Propos recueillis par Romain Massa.

Monaco Hebdo : Le débat autour de ce qu’on appelle « la théorie du genre » est entouré de fantasmes. Il est difficile d’y démêler le vrai du faux. Pouvez-vous expliquer ce terme ?
Axel Kahn : Ce n’est pas vraiment une théorie. L’interrogation sur la composante sociale et culturelle de la féminité vient notamment du roman de Simone de Beauvoir : Le deuxième sexe. Elle y écrivait : « On ne naît pas femme, on le devient ». Aux Etats-Unis, dans les années 80, des études féministes vont être appelées des « études de genre ». L’un de leurs objectifs était de débusquer ce qui est à l’origine de la domination ancestrale des femmes par les hommes. Il est évident que nous naissons tous hommes ou femmes mais derrière cela, il existe toute une série de stéréotypes construits par la culture, les traditions et l’éducation.

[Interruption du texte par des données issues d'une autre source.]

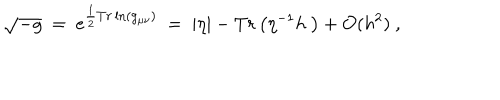
\sqrt { - g } ~ = ~ e ^ { \frac { 1 } { 2 } T r \ln ( g _ { \mu \nu } ) } ~ = ~ | \eta | - T r \left( \eta ^ { - 1 } h ~ \right) + { \cal O } ( h ^ { 2 } ) ~ ,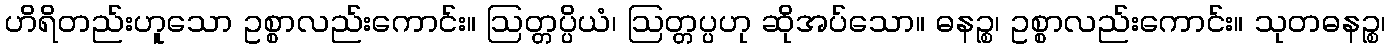
ဟိရိတည်းဟူသော ဥစ္စာလည်းကောင်း။ ဩတ္တပ္ပိယံ၊ ဩတ္တပ္ပဟု ဆိုအပ်သော။ ဓနဉ္စ၊ ဥစ္စာလည်းကောင်း။ သုတဓနဉ္စ၊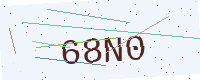
Text: 68N0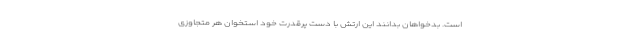
است. بدخواهان بدانند این ارتش با دست پرقدرت خود استخوان هر متجاوزی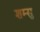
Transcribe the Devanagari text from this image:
शम्सु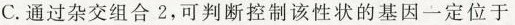
C.通过杂交组合2，可判断控制该性状的基因一定位于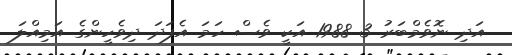
އަދި ނޮވެމްބަރު 3 1988 އަކީ ވެސް ހަމަ އެފަދަ ދިވެހީންގެ އަމިއްލަ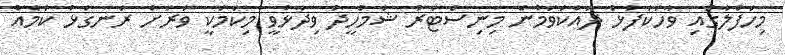
މިހަފްލާގައި ވާހަކަފުޅު ދައްކަވަމުން މިނިސްޓަރު ޝަމްހީދު ވިދާޅުވީ މިކަމަކީ ވަރަށް ރަނގަޅު ކަމެއް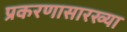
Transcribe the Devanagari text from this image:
प्रकरणासारख्या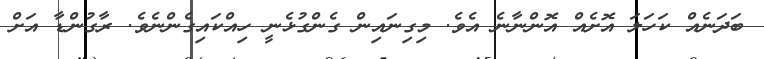
ބަދަނެއް ކަހަލަ އޮށެއް އޮންނާނެ އެވެ. މިގިނައިން ގެންގުޅެނީ ހިއްކައިގެންނެވެ. ރާގުންޑާ އަށް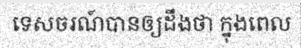
ទេសចរណ៍បានឲ្យដឹងថា ក្នុងពេល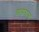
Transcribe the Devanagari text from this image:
डायोरामा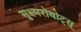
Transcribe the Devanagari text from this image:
सुक्ष्मरोबोट्स्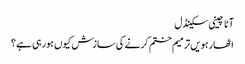
آٹا چینی سکینڈل
اٹھارہویں ترمیم ختم کرنے کی سازش کیوں ہورہی ہے؟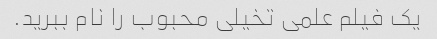
یک فیلم علمی تخیلی محبوب را نام ببرید.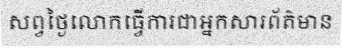
សព្វថ្ងៃលោកធ្វើការជាអ្នកសារព័ត៌មាន

M.H. : Et l’école doit les combattre ?
A.K. : Pas exactement. L’école permettrait de différencier ce qui vient du stéréotype ou de la biologie de l’individu. Et de rejeter les stéréotypes qui ont une responsabilité dans l’infériorisation de la femme. Par exemple, la galanterie est un stéréotype. Je suis un homme galant mais aussi conscient que ce n’est inscrit dans notre masculinité. L’idée selon laquelle les femmes sont naturellement plus douces ou faites pour servir et donc inaptes à des postes à hautes responsabilités en est un autre. L’école permettra de les identifier et posera cette question : est-ce que vous êtes d’accord de baser la supériorité des hommes sur les femmes par des stéréotypes et non sur une dimension objective ? Ces interrogations ont toute leur place à l’école dont un des rôles est d’apprendre la valeur de l’être, qu’il soit masculin ou féminin.

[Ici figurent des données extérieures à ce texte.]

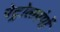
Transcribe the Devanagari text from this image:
पेट्रोलपंपों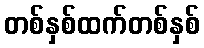
တစ်နှစ်ထက်တစ်နှစ်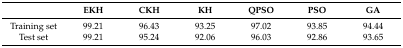
<table><thead><tr><td></td><td><b>EKH</b></td><td><b>CKH</b></td><td><b>KH</b></td><td><b>QPSO</b></td><td><b>PSO</b></td><td><b>GA</b></td></tr></thead><tbody><tr><td>Training set</td><td>99.21</td><td>96.43</td><td>93.25</td><td>97.02</td><td>93.85</td><td>94.44</td></tr><tr><td>Test set</td><td>99.21</td><td>95.24</td><td>92.06</td><td>96.03</td><td>92.86</td><td>93.65</td></tr></tbody></table>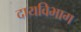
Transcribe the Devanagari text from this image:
दायविभाग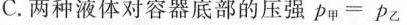
C.两种液体对容器底部的压强$$p _ { 甲 }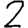
Digit: 2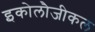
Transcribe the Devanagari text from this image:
इकोलौजीकल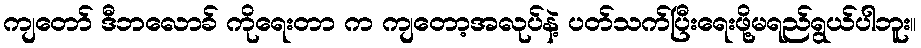
ကျတော် ဒီဘလောခ် ကိုရေးတာ က ကျတော့အလုပ်နဲ့ ပတ်သက်ပြီးရေးဖို့မရည်ရွယ်ပါဘူး။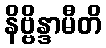
နိဗ္ဗိန္ဒာမီတိ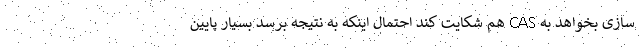
سازی بخواهد به CAS هم شکایت کند احتمال اینکه به نتیجه برسد بسیار پایین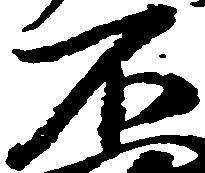
不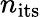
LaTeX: n_{\textrm{its}}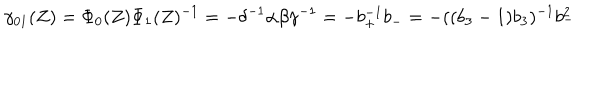
LaTeX: \gamma _ { 0 1 } ( Z ) = \Phi _ { 0 } ( Z ) \Phi _ { 1 } ( Z ) ^ { - 1 } = - \delta ^ { - 1 } \alpha \beta \gamma ^ { - 1 } = - b _ { + } ^ { - 1 } b _ { - } = - ( ( b _ { 3 } - 1 ) b _ { 3 } ) ^ { - 1 } b _ { - } ^ { 2 }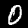
Label: 0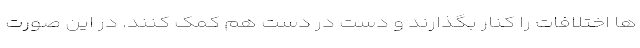
ها اختلافات را کنار بگذارند و دست در دست هم کمک کنند. در این صورت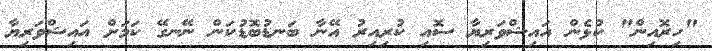
"ހިރޮއިން" ކުޅެން އައިޝްވަރިޔާ ސޮއި ކުރިއިރު އޭނާ ބަނޑުބޮޑުކަން ނޭނގޭ ކަމަށް އައިޝްވަރިޔާ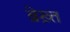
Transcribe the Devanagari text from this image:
ब्रेख़्त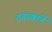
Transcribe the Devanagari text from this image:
दवाखानें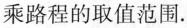
乘路程的取值范围.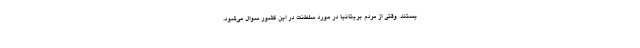
یستند. وقتی از مردم بریتانیا در مورد سلطنت در این کشور سوال می‌شود،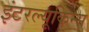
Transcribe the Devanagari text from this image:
इंटरल्यूकिन्स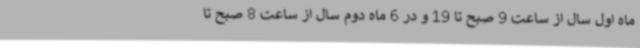
ماه اول سال از ساعت 9 صبح تا 19 و در 6 ماه دوم سال از ساعت 8 صبح تا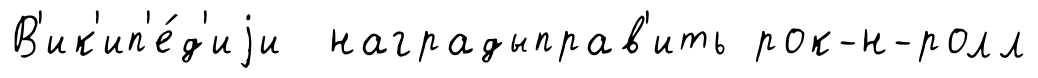
В'ик'ип'е́д'иjи наградыправ'ить рок-н-ролл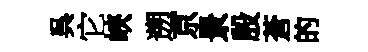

M.H. : Vous comprenez les parents qui ont retiré les enfants de leur école à l’issue d’une rumeur un peu folle ?
A.K. : Les parents ont été victimes d’une campagne mensongère. On leur racontait que leurs garçons allaient apprendre à se masturber en classe ou être déguisés en filles. Je comprends la crainte de ces adultes… J’aurais été paniqué également ! La société doit se préoccuper de ces sujets-là tout en évitant l’intox et la provocation. C’était notre rôle au Comité consultatif national d’éthique : débroussailler des problématiques très complexes, donner les références, les tenants et les aboutissants pour que la société puisse en débattre. Mais quand ils sont empoisonnés par des mensonges, il n’y a plus de débat.

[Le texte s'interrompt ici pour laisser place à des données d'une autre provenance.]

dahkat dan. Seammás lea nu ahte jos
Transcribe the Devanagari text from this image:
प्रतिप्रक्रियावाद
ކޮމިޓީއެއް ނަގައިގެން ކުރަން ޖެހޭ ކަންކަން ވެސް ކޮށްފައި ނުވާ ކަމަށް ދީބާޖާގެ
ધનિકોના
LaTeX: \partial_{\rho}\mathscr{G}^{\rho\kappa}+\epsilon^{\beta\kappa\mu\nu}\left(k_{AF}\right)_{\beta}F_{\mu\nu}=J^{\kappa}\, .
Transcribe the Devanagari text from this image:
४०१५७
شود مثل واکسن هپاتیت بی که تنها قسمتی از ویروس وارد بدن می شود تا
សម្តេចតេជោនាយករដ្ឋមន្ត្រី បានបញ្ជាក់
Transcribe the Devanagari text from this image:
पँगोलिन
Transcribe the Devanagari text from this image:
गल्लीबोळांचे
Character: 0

M.H. : Autre sujet d’actualité : l’abandon de la notion de « situation de détresse » pour les femmes désireuses d’avoir recours à l’interruption volontaire de grossesse (IVG), vous inquiète t-il ?
A.K. : Quand j’étais jeune médecin alors interne dans un service de réanimation, je m’occupais de femmes victimes d’insuffisance rénale. Nombre d’entres elle avaient eu recours à l’avortement clandestin. J’en ai vu une demi-douzaine mourir entre mes mains. La dépénalisation de l’IVG signifiait pour moi une assistance à femmes en danger et je ne souhaite évidemment aucun retour en arrière. En revanche, j’ai toujours eu la crainte que l’IVG devienne un moyen de contraception et je comprends très bien les catholiques pour qui l’avortement n’est jamais un acte anodin.